Empirical models are prediction methods based on actual measured data, and when finding the airtightness of a residential unit, an empirical model uses a statistical analysis of the infiltration rate data of actual residential units [7]. Such data are usually gathered from measurement results obtained by fan pressurization methods, which utilize fans, and tracer gas methods. Feijó-Muñoz et al. [34] proposed the methodology composed of a statistical sampling method with relevant variables such as different typologies, construction years, and climatic zones among collected datasets for the characterization of the envelope airtightness of residential buildings. There are also studies on predicting airtightness by way of regression analysis [10,11,21,24,33]. Wallace et al. [35] investigated the relationships between airtightness and the main driving forces of infiltrations, such as indoor–outdoor temperature difference, wind direction, and wind speed. Prignon et al. [22] reviewed the predictive models and analyzed the relevance of building elements such as the location, age, and size of the building; the number of stories; and the floor area. Factors related to such analyses may also include energy efficiency [10] and management context [11]. In previous studies utilizing empirical models, the measured buildings are mostly single dwellings or small- and medium-sized nonresidential buildings. Various factors are considered, including weather conditions and various building characteristics, but only a limited number of studies consider the geometrical components of the envelope, which is where air infiltration actually takes place.

It has been pointed out that there is a lack of discussion on reproducibility in related studies that predict airtightness in single dwellings or buildings of different construction types [15,26]. However, for residential units built in the form of apartment buildings, it is deemed that prediction is achievable, since the construction techniques or the materials forming the envelopes are similar. In particular, since the airtightness of a building is just another expression for the leakage area of the envelope, it is intuitive that prediction based on the geometrical components of the envelope is easier and more accurate. This study proposes the most effective model among feasible models for predicting the airtightness of residential units based on a statistical analysis of empirical models directed at reinforced concrete apartment buildings constructed mainly in Asia.

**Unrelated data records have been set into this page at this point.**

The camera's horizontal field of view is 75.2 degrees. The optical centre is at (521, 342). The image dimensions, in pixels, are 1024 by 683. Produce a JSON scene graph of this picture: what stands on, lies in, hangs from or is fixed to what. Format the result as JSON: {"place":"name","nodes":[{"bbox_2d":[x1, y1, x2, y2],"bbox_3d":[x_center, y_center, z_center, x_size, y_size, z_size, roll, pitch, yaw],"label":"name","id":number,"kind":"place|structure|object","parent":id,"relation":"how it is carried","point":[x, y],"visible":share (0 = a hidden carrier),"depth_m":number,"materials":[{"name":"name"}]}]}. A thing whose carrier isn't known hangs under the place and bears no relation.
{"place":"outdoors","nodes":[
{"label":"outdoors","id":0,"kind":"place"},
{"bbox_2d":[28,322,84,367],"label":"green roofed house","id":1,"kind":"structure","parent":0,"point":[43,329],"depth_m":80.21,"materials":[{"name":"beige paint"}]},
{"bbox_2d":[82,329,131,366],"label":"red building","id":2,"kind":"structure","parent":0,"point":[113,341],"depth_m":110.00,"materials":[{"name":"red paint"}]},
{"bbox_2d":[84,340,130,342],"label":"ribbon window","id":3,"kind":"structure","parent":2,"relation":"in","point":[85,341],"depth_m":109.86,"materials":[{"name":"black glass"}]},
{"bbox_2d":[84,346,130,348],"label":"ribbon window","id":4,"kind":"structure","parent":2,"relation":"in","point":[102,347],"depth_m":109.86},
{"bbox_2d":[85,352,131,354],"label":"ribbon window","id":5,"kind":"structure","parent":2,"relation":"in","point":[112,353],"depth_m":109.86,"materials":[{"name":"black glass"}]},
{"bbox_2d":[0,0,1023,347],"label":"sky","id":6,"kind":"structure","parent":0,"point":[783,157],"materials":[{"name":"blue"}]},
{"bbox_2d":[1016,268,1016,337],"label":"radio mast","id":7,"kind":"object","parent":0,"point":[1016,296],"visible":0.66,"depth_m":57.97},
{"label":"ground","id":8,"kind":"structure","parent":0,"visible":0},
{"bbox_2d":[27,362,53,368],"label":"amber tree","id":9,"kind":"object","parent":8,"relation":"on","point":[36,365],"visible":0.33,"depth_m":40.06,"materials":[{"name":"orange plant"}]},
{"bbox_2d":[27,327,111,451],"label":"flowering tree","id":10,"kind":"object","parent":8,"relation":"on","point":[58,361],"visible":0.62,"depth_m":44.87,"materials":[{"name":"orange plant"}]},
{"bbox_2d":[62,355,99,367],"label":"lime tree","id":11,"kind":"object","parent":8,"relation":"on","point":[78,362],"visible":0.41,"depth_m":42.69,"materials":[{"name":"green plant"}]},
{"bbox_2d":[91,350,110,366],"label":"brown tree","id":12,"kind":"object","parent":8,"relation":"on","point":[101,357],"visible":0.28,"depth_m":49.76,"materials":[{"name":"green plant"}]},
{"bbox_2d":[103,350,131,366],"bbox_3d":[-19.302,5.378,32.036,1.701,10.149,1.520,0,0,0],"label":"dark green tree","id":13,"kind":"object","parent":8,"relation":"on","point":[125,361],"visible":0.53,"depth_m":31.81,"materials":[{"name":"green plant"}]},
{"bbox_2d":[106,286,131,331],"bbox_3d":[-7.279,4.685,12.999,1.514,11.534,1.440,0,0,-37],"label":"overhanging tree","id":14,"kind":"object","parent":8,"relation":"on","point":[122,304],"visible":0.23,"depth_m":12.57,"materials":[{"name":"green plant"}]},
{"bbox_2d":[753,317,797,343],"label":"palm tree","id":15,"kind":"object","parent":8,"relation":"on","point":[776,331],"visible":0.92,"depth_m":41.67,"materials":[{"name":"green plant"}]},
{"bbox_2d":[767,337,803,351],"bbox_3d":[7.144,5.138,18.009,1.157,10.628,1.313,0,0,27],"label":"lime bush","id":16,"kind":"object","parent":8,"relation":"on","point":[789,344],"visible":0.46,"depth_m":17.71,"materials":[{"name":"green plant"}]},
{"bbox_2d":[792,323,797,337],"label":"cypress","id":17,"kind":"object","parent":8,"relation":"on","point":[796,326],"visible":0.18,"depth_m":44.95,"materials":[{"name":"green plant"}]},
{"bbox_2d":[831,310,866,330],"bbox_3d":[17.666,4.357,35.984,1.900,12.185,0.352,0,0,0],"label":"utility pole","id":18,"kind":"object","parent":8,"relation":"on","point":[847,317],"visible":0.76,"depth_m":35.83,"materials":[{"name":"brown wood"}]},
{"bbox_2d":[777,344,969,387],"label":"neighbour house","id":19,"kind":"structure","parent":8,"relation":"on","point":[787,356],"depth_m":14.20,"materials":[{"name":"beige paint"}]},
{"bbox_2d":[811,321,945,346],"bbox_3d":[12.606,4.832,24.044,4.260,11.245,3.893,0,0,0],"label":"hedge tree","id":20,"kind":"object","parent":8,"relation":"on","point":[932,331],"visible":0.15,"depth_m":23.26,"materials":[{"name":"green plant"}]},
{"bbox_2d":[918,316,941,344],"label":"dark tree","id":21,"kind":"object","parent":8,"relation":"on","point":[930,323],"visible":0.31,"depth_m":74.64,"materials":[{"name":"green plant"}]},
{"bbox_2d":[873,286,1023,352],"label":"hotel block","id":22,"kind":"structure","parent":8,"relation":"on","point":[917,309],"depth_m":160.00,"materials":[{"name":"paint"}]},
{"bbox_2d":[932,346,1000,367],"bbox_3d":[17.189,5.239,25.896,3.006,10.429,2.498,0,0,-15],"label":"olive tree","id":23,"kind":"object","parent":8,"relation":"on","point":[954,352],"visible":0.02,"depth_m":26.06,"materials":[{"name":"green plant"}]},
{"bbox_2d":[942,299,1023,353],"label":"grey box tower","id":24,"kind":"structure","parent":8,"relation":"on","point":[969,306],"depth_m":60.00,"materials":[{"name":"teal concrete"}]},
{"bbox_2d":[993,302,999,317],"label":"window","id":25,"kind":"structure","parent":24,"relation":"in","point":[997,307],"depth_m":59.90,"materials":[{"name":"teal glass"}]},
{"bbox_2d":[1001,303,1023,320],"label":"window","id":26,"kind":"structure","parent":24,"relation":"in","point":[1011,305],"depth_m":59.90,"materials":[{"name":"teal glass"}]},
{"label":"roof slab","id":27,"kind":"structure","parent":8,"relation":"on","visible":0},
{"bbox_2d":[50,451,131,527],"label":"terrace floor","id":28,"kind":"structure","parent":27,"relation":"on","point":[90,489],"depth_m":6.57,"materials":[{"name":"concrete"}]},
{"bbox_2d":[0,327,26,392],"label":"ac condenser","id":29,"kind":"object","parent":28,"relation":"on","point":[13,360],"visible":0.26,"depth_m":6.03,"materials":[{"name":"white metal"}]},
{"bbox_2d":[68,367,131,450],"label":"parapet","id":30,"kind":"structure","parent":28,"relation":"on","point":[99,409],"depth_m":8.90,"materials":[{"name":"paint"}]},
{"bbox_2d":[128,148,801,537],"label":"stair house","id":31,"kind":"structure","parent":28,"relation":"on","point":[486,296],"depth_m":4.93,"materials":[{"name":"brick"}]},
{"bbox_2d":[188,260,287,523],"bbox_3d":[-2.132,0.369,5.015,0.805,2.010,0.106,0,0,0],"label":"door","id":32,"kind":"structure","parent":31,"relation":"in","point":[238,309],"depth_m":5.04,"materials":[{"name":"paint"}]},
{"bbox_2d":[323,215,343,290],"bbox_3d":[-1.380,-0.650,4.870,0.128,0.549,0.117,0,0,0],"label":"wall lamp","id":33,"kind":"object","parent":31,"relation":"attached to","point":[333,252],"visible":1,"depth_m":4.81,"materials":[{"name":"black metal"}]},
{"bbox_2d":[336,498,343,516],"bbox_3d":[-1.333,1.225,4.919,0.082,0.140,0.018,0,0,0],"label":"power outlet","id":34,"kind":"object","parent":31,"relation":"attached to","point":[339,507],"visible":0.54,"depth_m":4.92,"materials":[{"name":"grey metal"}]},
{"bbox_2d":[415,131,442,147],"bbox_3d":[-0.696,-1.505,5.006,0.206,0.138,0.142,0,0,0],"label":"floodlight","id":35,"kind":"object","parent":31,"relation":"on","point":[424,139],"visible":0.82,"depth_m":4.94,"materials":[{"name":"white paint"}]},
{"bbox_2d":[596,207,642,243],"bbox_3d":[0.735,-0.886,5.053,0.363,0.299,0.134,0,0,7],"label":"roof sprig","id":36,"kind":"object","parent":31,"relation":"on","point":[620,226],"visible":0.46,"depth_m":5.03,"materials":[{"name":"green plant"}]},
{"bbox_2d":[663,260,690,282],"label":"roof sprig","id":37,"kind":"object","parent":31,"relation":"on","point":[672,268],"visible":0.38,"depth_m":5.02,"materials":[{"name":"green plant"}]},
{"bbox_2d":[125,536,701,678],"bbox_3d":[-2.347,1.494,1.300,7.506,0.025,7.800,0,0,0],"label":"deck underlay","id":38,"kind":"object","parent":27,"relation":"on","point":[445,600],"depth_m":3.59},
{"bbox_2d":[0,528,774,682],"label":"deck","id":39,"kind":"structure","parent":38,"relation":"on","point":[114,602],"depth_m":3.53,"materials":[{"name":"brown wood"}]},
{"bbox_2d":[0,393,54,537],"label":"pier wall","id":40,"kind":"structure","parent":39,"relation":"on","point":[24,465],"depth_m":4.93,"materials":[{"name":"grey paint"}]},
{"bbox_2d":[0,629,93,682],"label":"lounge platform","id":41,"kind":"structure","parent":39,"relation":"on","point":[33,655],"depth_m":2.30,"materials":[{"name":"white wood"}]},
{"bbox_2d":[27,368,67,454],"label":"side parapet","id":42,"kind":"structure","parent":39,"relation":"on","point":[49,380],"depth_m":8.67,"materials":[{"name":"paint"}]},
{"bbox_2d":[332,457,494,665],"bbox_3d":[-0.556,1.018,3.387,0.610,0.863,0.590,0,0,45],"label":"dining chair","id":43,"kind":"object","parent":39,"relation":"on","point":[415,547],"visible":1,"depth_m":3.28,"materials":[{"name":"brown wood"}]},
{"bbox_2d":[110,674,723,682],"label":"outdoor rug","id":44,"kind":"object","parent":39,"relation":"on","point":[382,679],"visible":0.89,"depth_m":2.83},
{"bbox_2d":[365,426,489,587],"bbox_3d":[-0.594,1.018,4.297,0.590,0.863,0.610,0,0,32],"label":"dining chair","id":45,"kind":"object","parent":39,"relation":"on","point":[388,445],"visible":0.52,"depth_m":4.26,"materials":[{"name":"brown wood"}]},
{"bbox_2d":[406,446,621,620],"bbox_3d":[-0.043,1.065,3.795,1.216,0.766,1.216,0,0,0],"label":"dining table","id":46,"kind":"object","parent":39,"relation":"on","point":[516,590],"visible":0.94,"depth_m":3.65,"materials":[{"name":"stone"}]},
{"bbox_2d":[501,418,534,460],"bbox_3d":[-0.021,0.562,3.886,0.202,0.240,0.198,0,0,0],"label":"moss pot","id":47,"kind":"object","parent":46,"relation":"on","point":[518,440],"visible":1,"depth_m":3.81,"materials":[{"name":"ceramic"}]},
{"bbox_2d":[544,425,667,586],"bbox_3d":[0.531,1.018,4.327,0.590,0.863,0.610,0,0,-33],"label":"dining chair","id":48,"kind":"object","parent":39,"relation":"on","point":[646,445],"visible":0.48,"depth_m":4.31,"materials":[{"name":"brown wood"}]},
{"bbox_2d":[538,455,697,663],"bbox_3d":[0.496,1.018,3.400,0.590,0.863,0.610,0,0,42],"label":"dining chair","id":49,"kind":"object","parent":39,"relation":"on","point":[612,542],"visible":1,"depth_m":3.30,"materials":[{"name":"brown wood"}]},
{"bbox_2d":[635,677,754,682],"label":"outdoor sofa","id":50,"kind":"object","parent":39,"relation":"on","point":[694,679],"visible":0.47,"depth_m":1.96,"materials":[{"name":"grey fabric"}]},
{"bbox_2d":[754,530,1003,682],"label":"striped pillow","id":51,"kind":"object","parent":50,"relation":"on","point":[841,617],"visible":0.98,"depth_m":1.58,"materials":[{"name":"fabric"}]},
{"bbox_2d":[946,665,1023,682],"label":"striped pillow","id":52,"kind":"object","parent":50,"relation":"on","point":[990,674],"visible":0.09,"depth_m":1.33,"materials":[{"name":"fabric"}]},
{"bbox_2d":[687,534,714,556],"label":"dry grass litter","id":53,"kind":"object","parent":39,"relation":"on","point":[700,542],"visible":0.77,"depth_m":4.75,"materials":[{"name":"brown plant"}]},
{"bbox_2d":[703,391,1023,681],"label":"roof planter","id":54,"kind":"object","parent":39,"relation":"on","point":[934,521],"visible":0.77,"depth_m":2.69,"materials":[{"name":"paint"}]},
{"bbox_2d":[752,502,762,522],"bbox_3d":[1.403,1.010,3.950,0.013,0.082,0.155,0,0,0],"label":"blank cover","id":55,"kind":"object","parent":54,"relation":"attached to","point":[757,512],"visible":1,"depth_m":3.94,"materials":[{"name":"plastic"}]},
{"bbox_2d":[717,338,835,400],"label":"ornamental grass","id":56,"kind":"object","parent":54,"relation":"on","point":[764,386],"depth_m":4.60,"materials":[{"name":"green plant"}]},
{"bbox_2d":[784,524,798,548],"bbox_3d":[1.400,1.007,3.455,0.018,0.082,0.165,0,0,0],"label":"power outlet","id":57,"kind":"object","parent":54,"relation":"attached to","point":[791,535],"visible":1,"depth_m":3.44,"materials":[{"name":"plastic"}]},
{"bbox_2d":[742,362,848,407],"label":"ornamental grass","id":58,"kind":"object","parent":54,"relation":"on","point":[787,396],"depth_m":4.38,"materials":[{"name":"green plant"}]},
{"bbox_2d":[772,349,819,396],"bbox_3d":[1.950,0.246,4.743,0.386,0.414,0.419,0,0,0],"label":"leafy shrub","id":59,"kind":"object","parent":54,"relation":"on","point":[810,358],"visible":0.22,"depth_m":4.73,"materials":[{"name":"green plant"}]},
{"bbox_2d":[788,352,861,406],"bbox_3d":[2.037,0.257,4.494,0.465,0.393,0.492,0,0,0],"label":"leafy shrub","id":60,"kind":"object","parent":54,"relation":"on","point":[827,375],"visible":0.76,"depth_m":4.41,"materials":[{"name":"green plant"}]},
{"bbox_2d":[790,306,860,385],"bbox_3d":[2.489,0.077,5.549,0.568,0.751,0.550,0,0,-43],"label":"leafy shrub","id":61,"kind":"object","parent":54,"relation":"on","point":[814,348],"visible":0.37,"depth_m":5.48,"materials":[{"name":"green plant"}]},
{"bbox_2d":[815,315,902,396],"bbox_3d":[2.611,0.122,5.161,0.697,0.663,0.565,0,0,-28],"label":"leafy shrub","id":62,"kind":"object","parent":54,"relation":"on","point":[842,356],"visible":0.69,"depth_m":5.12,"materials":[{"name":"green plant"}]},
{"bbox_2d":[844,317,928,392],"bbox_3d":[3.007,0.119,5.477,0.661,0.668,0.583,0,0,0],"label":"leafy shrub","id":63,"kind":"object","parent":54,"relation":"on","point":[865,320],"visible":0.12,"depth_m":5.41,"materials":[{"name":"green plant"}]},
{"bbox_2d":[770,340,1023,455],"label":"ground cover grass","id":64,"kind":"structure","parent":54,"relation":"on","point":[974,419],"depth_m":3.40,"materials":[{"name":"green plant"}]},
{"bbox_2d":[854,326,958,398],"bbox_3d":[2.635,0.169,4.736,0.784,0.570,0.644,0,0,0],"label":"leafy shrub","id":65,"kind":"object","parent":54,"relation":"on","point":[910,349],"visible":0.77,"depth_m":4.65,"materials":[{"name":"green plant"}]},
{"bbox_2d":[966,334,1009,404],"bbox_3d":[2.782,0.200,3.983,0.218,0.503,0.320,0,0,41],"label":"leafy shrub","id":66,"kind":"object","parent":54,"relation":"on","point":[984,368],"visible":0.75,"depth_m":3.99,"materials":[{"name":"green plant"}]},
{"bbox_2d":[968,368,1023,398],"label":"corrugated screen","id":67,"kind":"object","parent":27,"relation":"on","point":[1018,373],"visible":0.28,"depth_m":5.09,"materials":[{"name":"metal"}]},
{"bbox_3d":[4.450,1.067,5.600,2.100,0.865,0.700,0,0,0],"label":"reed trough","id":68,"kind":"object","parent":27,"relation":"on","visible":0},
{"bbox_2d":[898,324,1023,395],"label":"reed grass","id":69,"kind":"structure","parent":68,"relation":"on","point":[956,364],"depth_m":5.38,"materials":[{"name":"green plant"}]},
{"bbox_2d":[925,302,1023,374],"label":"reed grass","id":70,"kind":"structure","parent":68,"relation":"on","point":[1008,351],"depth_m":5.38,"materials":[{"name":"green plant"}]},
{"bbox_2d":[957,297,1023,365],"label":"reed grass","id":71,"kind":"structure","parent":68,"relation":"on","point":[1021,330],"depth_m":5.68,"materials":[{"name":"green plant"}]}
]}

The variables for the statistical analysis include area variables and connection length variables, which represent the geometrical components of the envelope, where air infiltration and leakage actually occur. The correlation between the airtightness of the overall building and the variables is first analyzed to check the variables’ impact. A multiple linear regression analysis is performed for major variables selected by the impact analysis, whereby an airtightness prediction model is derived that is suitable for residential units of apartment buildings constructed with reinforced concrete.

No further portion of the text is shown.